## Exercise goal
Please give the entries again in full and exactly, without any picture.

· · · · · · ·

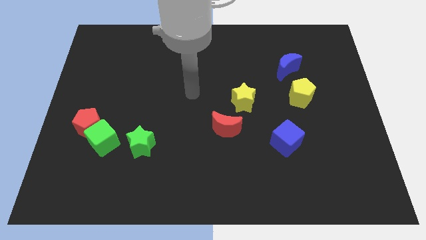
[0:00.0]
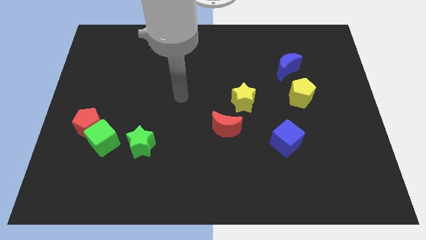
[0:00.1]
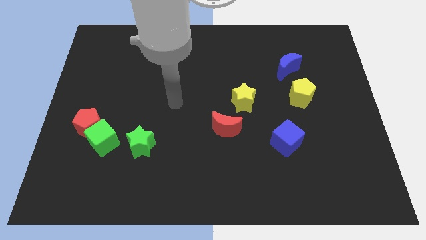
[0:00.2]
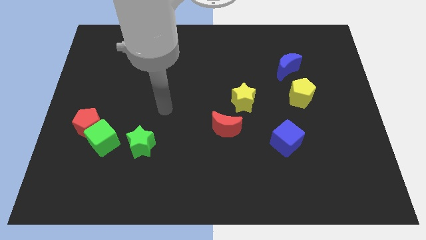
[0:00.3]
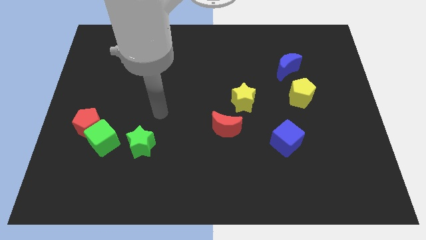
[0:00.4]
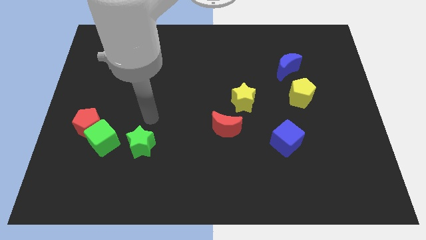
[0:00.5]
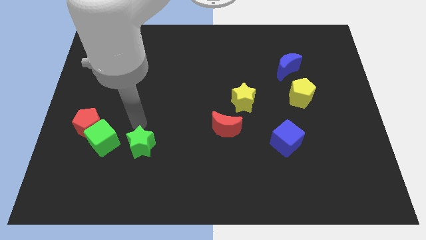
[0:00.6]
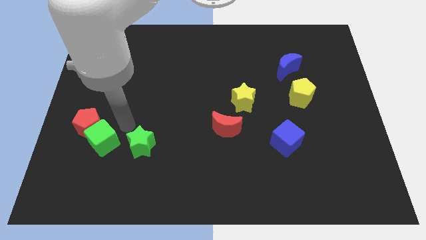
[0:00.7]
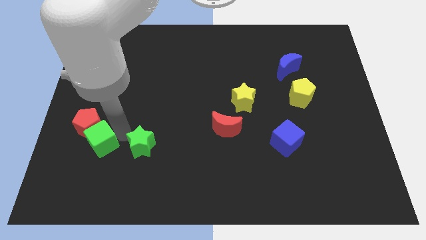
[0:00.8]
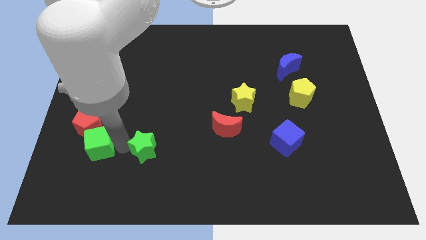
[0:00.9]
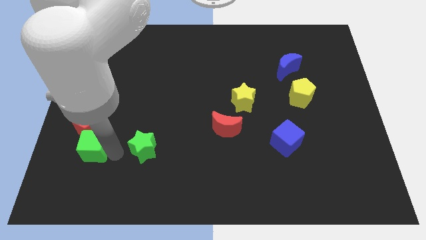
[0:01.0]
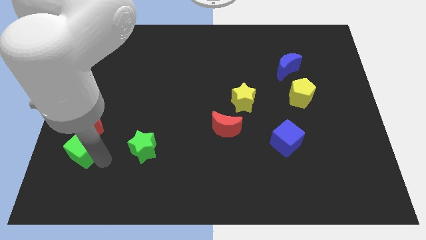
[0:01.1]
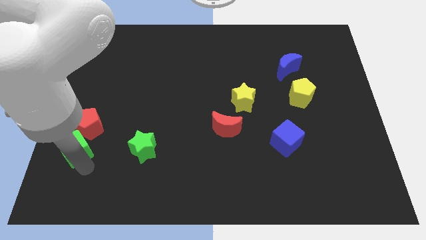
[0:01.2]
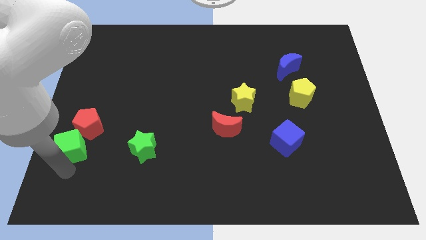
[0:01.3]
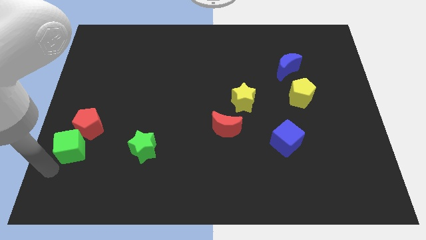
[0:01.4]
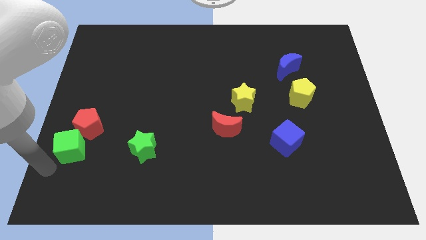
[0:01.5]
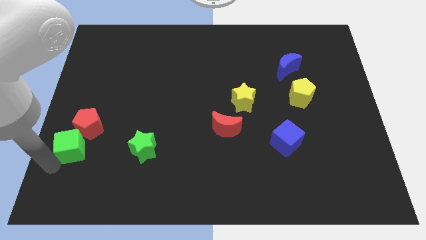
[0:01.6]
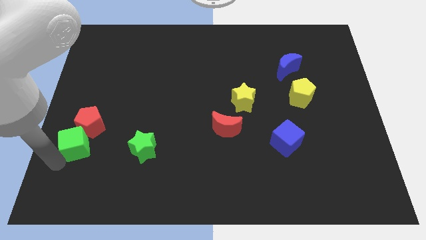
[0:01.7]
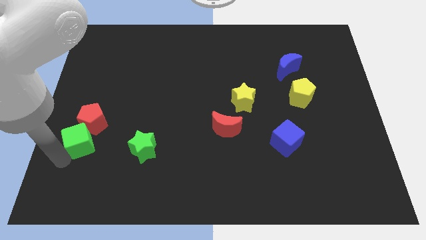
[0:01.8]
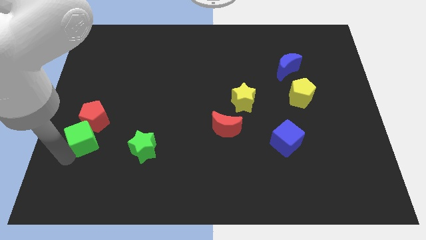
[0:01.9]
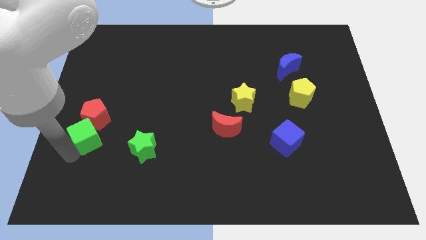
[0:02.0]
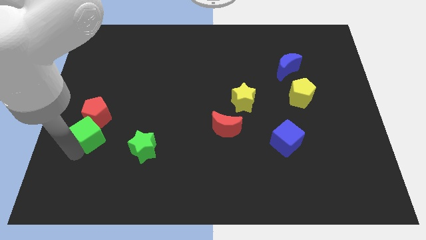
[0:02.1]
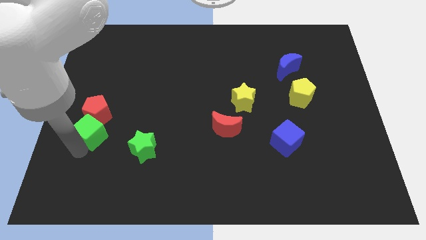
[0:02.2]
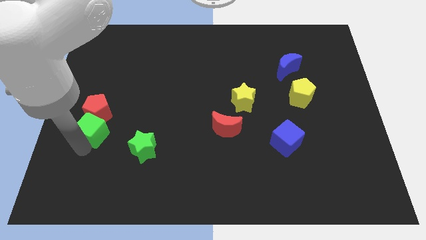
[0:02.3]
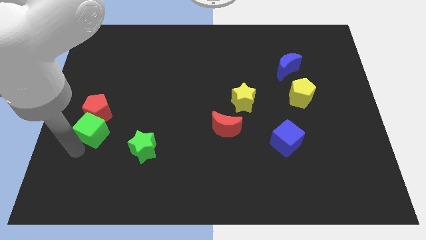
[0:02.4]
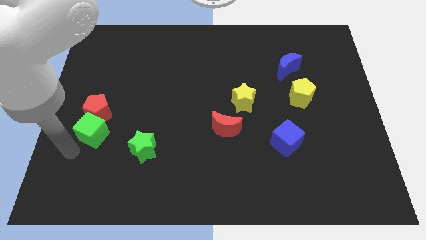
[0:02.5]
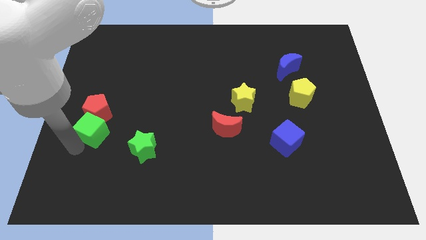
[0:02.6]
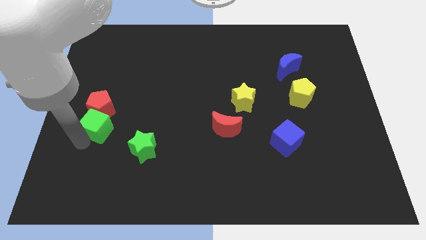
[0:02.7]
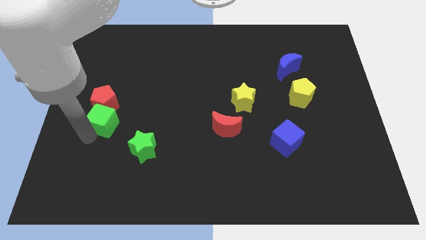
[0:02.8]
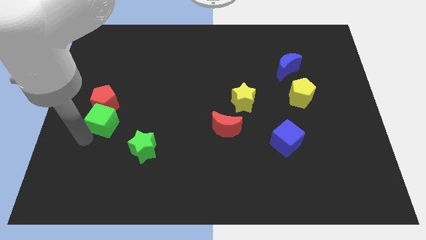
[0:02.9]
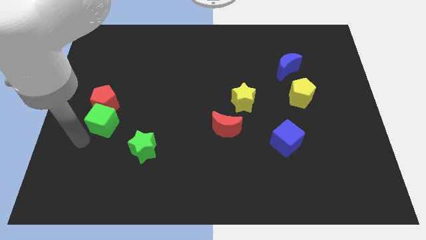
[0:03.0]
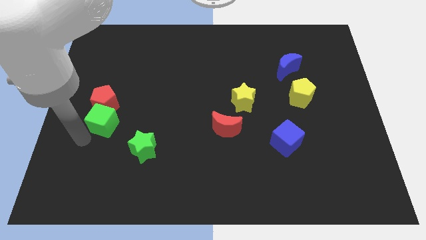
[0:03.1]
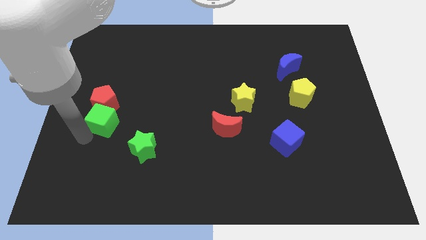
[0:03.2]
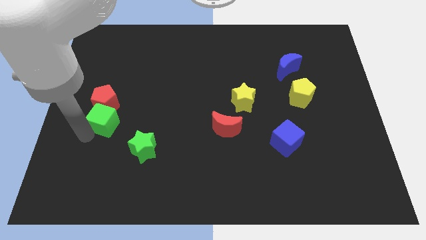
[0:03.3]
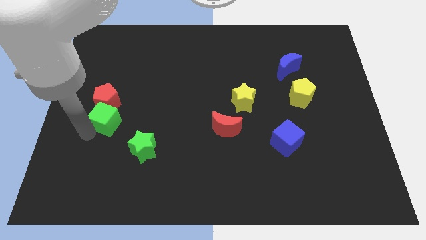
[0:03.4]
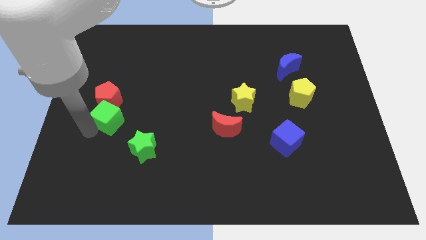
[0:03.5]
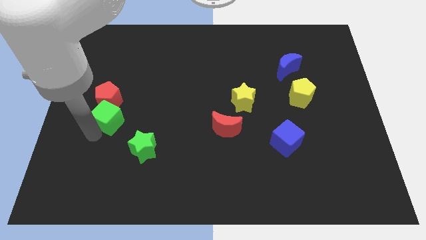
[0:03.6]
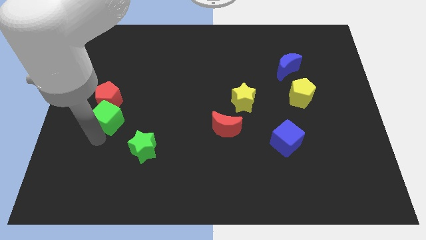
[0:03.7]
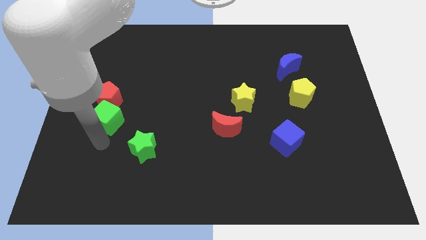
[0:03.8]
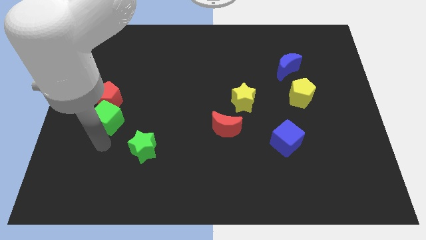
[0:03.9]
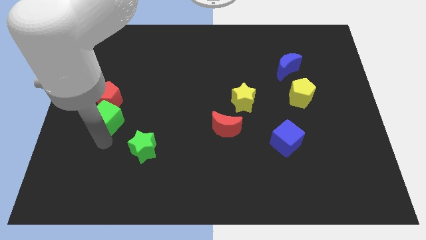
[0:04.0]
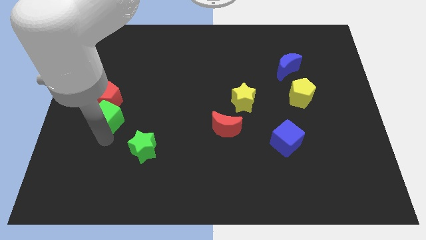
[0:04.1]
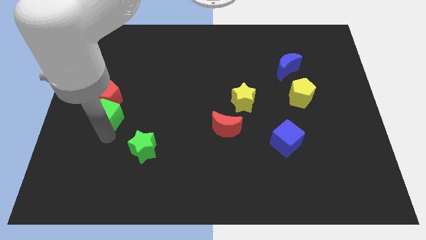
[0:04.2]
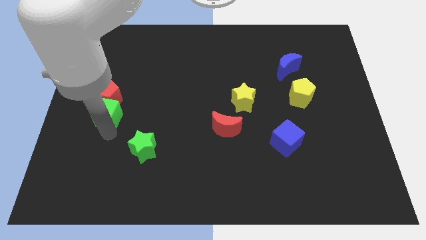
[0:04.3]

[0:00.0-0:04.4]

· · · · · · ·

## Solution
[0:00.0]
[0:00.1]
[0:00.2]
[0:00.3]
[0:00.4]
[0:00.5]
[0:00.6]
[0:00.7]
[0:00.8]
[0:00.9]
[0:01.0]
[0:01.1]
[0:01.2]
[0:01.3]
[0:01.4]
[0:01.5]
[0:01.6]
[0:01.7]
[0:01.8]
[0:01.9]
[0:02.0]
[0:02.1]
[0:02.2]
[0:02.3]
[0:02.4]
[0:02.5]
[0:02.6]
[0:02.7]
[0:02.8]
[0:02.9]
[0:03.0]
[0:03.1]
[0:03.2]
[0:03.3]
[0:03.4]
[0:03.5]
[0:03.6]
[0:03.7]
[0:03.8]
[0:03.9]
[0:04.0]
[0:04.1]
[0:04.2]
[0:04.3]

[0:00.0-0:04.4]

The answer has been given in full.